Thursday, February 4, 2010

Back on Track

Graham was extubated late last night following his latest surgery. The extubation was delayed a bit because x-rays taken in the morning showed that his left lung had an unacceptable level of fluid in it. He also had poor blood gas levels making the extubation too risky. But the G-Man got his act together and the vent tube was removed. Today he is resting comfortably, getting about a 30% level of oxygen through his cannula. He will be weaned down to the 21% (ambient air) level when his numbers dictate. He still has some fluid in his left lung.
Now the focus is to get food into Graham's stomach. Indications are that his digestive system will soon be ready for that magic breast milk.
Graham seems to be back to where he was before his last surgery, with the bonus of no kidney disease and no hypertension.
Hope to return with more good news later.

Tuesday, February 2, 2010

Uncle Ward

Special moments. Ward holding his nephew, Graham, before flying back to Instanbul

Post Surgery

Graham's surgery to remove a foreign object left from a previous procedure was successful. He had some problems maintaining oxygen level immediately following the surgery, but all is well now. Katie mentioned that the docs suspected it was the wire used to probe the vein before putting in the tunnel line, but it was actually the heparin coating around the wire that came off when the wire was withdrawn. It will be returned to the manufacturer with lot numbers to find out causes or if other surgeries had similar problems.
We hope the G-Man is extubated sometime tomorrow, so he can get back on track. Dr. West is going to take a more aggressive approach to getting his gut ready for breast milk. Huge step forward when it happens.
Graham's heart function is still not up to base line.

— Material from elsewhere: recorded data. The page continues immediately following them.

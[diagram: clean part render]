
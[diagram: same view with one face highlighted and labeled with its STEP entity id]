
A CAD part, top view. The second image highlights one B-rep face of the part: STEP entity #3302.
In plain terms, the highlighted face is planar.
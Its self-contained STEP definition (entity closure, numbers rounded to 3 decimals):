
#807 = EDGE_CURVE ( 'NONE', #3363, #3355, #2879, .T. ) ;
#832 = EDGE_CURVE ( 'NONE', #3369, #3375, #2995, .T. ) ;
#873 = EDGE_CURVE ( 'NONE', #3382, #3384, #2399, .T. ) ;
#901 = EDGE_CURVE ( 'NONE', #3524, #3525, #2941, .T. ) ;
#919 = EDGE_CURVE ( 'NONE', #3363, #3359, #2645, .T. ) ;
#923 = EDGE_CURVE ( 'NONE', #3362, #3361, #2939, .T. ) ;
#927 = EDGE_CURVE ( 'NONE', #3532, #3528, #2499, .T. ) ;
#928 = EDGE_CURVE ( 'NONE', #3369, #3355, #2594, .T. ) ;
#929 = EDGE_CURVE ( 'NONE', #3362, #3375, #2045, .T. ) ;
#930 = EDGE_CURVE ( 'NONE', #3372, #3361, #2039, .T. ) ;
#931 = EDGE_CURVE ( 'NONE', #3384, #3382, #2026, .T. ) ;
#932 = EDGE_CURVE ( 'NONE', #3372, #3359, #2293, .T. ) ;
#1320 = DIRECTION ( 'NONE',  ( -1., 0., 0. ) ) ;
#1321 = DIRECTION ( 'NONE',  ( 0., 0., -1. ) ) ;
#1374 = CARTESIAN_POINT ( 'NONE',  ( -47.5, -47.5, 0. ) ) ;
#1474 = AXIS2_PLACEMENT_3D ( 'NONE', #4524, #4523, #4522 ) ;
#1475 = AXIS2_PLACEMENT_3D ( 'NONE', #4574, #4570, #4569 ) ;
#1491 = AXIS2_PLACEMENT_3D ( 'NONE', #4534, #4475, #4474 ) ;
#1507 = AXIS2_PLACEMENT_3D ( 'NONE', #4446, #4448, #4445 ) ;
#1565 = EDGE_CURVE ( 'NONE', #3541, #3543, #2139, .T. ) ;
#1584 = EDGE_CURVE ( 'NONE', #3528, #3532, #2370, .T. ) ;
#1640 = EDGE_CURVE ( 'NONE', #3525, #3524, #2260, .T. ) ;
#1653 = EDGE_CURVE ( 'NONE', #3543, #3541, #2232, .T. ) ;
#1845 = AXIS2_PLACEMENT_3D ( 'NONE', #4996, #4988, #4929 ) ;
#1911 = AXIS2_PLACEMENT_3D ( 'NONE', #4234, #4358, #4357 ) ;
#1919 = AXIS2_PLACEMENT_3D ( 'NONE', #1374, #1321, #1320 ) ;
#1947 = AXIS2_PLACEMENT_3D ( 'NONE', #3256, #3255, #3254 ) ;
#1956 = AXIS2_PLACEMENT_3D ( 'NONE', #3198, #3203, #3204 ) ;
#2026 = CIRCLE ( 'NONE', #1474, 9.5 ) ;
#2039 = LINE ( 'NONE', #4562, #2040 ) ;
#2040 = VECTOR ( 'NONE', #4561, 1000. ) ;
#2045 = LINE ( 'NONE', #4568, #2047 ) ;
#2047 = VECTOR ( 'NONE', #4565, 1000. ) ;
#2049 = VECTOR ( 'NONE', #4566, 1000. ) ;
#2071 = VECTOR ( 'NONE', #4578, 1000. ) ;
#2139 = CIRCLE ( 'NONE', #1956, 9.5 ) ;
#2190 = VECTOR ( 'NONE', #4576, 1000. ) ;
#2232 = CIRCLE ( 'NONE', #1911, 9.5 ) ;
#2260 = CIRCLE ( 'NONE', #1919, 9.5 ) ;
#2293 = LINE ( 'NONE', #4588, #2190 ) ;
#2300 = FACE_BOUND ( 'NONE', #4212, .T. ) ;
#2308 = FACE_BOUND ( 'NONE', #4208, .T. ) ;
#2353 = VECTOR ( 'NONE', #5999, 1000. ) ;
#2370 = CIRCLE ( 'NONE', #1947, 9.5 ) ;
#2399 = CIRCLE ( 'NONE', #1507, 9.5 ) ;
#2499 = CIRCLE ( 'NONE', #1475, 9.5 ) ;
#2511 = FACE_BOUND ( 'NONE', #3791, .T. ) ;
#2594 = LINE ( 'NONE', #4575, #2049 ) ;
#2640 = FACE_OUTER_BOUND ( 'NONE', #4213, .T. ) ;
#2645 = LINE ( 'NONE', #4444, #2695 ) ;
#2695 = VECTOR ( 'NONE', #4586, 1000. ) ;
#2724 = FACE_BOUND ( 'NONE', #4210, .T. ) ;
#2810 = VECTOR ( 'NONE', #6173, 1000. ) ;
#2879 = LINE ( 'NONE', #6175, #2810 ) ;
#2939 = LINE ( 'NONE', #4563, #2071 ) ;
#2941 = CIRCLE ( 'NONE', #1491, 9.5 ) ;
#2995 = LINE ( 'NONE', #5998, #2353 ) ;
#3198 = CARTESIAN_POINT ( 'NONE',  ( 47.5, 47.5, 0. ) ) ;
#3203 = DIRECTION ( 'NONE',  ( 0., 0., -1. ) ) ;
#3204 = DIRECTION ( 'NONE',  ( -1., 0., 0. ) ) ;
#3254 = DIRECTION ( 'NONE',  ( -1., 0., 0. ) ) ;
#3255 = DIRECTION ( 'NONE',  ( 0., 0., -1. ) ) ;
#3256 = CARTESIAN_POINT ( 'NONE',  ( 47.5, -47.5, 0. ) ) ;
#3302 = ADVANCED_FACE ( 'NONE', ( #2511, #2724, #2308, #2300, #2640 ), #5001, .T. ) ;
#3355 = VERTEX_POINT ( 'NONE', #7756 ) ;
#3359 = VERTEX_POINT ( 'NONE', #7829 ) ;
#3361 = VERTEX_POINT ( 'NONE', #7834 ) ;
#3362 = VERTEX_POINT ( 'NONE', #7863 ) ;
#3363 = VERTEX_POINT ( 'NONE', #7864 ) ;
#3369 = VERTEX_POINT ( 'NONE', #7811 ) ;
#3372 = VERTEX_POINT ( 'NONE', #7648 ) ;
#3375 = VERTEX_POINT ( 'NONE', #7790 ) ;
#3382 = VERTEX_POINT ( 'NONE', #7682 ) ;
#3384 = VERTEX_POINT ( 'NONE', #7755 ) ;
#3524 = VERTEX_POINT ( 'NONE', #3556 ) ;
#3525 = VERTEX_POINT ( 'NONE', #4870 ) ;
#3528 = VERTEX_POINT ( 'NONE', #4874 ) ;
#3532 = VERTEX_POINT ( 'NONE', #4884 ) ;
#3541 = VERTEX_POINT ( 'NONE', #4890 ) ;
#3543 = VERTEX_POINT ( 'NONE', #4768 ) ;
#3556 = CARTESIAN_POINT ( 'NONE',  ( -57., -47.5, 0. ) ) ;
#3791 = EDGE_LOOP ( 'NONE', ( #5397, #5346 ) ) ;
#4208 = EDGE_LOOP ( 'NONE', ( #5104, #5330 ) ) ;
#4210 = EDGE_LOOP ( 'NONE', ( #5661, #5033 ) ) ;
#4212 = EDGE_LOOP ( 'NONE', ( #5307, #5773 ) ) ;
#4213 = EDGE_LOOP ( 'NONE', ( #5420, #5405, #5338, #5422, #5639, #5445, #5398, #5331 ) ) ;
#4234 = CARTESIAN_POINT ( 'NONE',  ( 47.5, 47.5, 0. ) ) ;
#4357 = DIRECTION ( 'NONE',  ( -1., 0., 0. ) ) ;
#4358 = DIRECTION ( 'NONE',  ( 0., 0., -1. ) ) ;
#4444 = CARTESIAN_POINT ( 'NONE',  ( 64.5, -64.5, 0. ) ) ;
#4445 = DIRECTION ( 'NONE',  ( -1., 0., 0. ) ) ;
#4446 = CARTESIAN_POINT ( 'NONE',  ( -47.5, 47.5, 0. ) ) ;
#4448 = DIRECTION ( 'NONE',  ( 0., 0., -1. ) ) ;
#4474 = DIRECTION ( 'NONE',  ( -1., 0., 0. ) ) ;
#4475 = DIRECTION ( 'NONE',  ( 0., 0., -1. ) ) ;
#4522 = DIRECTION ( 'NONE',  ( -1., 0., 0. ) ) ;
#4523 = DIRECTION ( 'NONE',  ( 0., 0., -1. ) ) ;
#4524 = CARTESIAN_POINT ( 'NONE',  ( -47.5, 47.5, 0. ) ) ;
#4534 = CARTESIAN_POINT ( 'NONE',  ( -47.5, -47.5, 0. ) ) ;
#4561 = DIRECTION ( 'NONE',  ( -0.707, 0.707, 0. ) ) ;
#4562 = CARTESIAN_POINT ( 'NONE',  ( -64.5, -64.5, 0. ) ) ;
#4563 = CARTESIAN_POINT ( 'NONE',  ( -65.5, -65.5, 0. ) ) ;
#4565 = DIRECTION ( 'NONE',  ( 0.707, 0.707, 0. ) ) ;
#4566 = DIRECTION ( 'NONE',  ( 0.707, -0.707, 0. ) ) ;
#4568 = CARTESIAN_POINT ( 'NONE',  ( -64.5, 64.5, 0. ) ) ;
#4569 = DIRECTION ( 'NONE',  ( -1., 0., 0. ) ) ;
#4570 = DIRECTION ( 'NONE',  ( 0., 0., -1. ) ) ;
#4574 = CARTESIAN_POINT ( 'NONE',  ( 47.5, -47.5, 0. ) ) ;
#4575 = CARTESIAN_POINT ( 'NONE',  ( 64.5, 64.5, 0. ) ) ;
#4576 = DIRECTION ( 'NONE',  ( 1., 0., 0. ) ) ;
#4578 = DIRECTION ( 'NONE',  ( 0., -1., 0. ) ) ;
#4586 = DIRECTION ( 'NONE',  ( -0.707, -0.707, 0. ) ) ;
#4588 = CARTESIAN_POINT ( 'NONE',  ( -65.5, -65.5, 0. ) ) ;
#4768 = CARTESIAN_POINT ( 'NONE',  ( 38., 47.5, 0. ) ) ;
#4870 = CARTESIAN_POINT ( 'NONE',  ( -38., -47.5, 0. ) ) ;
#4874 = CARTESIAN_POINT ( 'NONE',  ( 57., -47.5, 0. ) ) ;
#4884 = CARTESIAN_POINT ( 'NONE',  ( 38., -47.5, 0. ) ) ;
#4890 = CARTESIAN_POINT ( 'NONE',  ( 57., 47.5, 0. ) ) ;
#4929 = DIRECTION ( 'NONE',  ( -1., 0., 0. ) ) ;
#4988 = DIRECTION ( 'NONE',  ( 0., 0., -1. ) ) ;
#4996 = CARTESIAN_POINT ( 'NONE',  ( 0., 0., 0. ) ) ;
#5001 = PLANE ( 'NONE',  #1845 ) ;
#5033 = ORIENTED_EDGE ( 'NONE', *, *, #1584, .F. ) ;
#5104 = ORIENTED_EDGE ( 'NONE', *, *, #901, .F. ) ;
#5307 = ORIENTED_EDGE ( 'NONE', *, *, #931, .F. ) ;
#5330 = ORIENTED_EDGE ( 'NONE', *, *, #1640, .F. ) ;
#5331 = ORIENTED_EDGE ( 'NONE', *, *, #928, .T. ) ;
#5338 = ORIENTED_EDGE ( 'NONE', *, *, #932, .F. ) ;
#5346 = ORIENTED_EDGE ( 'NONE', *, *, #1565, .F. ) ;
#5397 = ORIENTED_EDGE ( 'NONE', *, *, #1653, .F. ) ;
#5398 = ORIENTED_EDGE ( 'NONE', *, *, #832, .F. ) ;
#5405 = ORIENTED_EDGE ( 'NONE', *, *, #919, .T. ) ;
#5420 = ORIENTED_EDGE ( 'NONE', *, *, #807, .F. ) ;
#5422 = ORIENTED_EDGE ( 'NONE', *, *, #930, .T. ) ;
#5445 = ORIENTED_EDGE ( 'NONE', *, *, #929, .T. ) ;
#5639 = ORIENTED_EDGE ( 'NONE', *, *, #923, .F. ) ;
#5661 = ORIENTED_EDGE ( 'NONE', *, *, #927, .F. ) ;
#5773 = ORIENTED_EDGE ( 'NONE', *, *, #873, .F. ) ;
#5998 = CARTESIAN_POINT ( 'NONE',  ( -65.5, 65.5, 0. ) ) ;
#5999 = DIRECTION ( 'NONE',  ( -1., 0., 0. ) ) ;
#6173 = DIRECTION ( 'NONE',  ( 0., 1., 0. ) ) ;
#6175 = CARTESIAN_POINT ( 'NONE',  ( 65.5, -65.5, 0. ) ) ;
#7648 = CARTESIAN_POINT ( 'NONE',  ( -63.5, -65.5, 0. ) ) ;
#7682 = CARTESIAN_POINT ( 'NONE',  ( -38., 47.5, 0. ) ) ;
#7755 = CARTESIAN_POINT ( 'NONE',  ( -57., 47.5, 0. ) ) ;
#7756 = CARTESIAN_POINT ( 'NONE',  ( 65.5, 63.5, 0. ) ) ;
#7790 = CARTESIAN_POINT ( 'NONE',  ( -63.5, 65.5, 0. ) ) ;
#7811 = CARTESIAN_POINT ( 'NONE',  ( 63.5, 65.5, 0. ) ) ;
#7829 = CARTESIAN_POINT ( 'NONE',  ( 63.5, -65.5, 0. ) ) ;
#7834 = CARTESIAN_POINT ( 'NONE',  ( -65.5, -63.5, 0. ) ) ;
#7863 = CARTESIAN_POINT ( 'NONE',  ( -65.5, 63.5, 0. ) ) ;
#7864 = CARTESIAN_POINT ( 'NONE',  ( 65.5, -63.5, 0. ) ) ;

He has a thickening in the wall of his left ventricle, which was perhaps caused by his hypertension. And now that his blood pressure is finally back to normal levels (hooray!) this heart problem should rectify itself.
Oh yeah...then there is the omphalocele. Remember that? It is healing wonderfully!

"Never Seen It Happen in 30 Years"

Yesterday, Dr. West noticed in Graham's chest X-ray that a piece of metal was in his chest. After further inspection, they concluded it was a piece of wire used to help put the central line in place (last week) and when they took this portion out, it left part of the wire in the vein. An Interventional Radiologist will enter through Graham's upper leg/groin area and pull out the 2-3 inch wire.
This is a surgery, so the ventilator goes back in. This will all happen at 3:30pm today. He was doing so great the past couple days, it seems like for every step forward, we take two steps back. Let's all hope this is just a minor setback and he can jump back on that road to recovery.